Exercise data ->
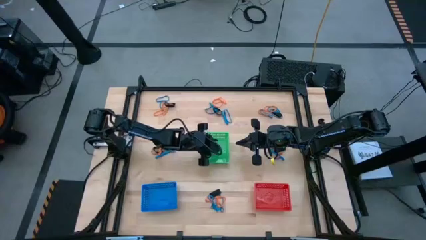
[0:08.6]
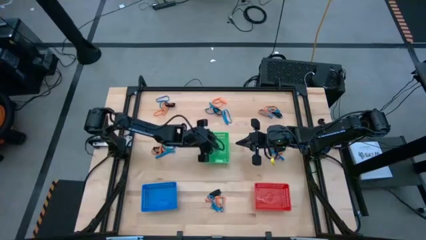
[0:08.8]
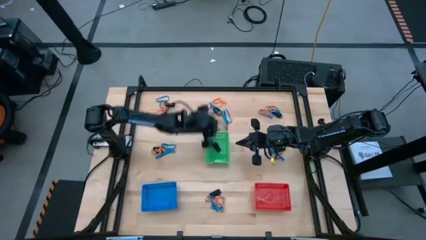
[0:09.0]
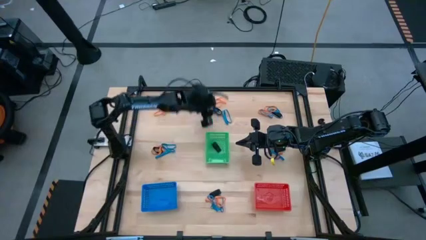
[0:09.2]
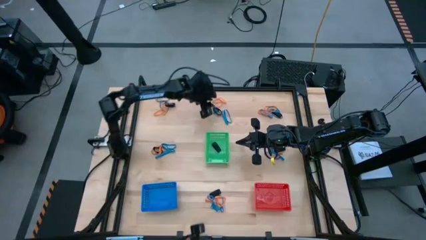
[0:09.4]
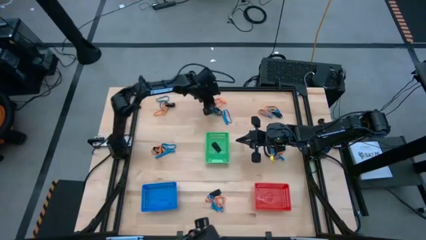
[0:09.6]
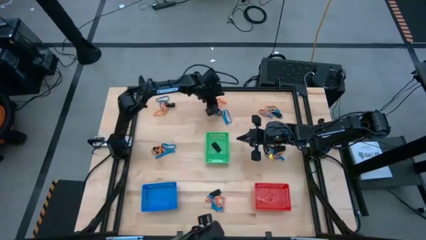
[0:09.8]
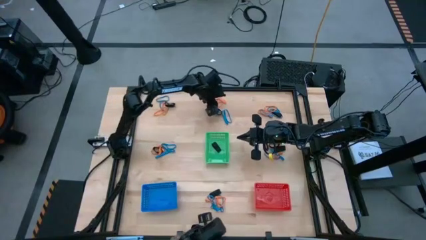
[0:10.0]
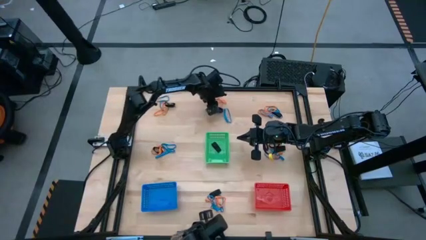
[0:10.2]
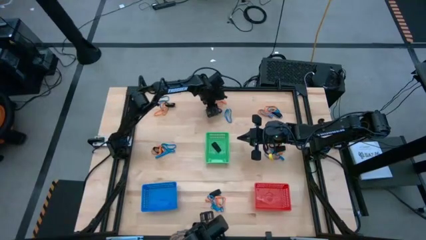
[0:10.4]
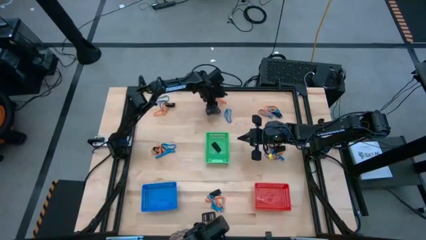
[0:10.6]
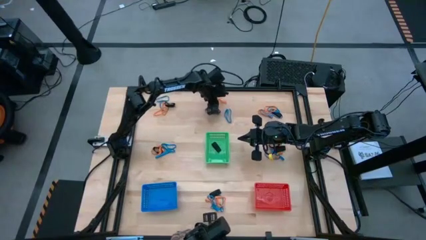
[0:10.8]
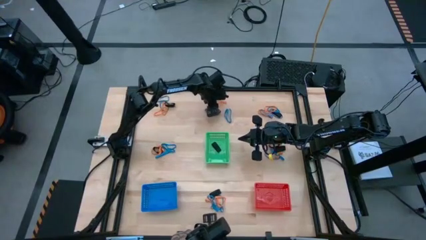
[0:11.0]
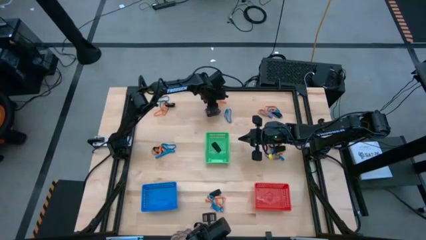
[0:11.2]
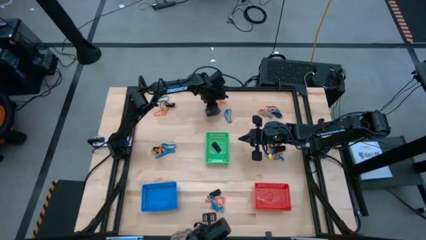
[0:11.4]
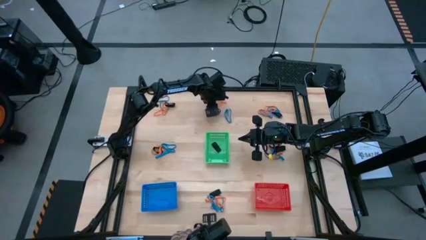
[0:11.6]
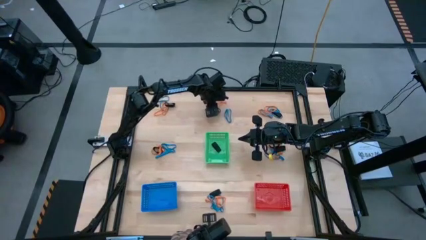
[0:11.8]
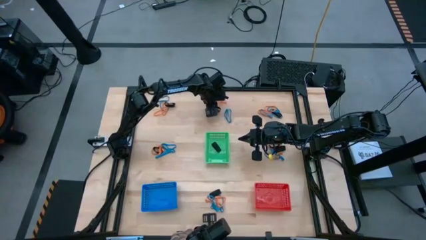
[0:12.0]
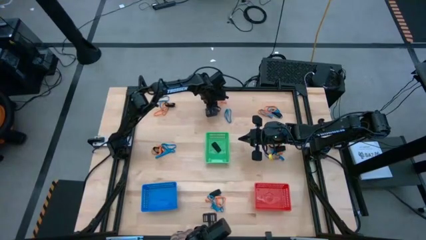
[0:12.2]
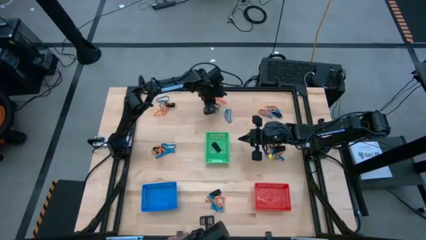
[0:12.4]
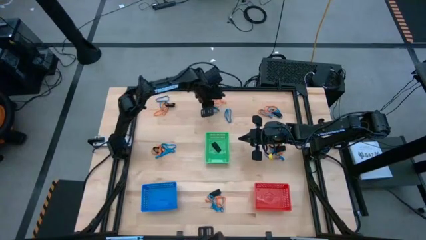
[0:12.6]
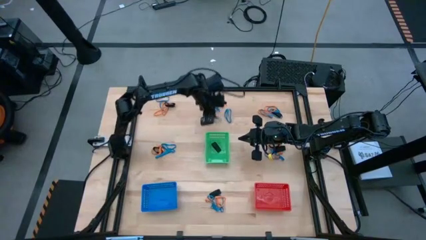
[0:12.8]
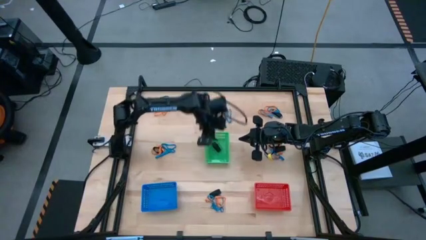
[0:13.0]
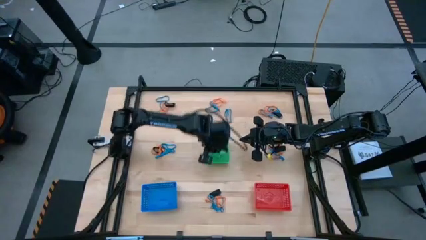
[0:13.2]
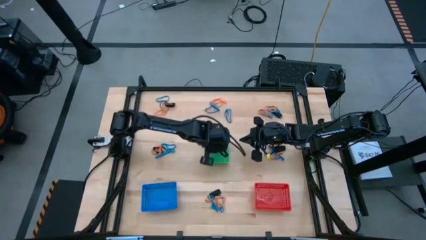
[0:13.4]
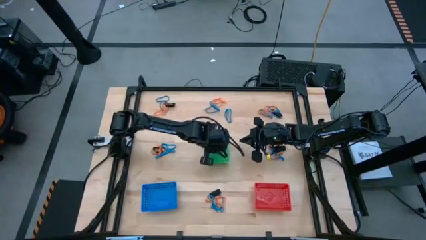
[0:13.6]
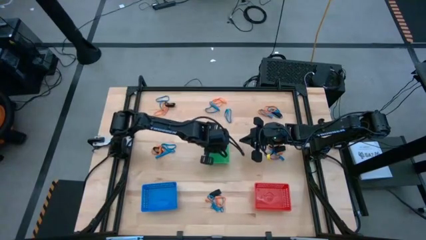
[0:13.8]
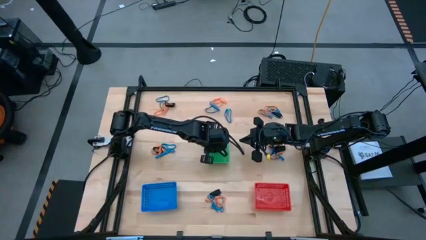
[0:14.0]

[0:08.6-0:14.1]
Put the black rubber band into the green bin

Instructions for the task ->
Set the data above down again exactly as given, with no pictures.

Task answer ->
[0:08.6]
[0:08.8]
[0:09.0]
[0:09.2]
[0:09.4]
[0:09.6]
[0:09.8]
[0:10.0]
[0:10.2]
[0:10.4]
[0:10.6]
[0:10.8]
[0:11.0]
[0:11.2]
[0:11.4]
[0:11.6]
[0:11.8]
[0:12.0]
[0:12.2]
[0:12.4]
[0:12.6]
[0:12.8]
[0:13.0]
[0:13.2]
[0:13.4]
[0:13.6]
[0:13.8]
[0:14.0]

[0:08.6-0:14.1]
Put the black rubber band into the green bin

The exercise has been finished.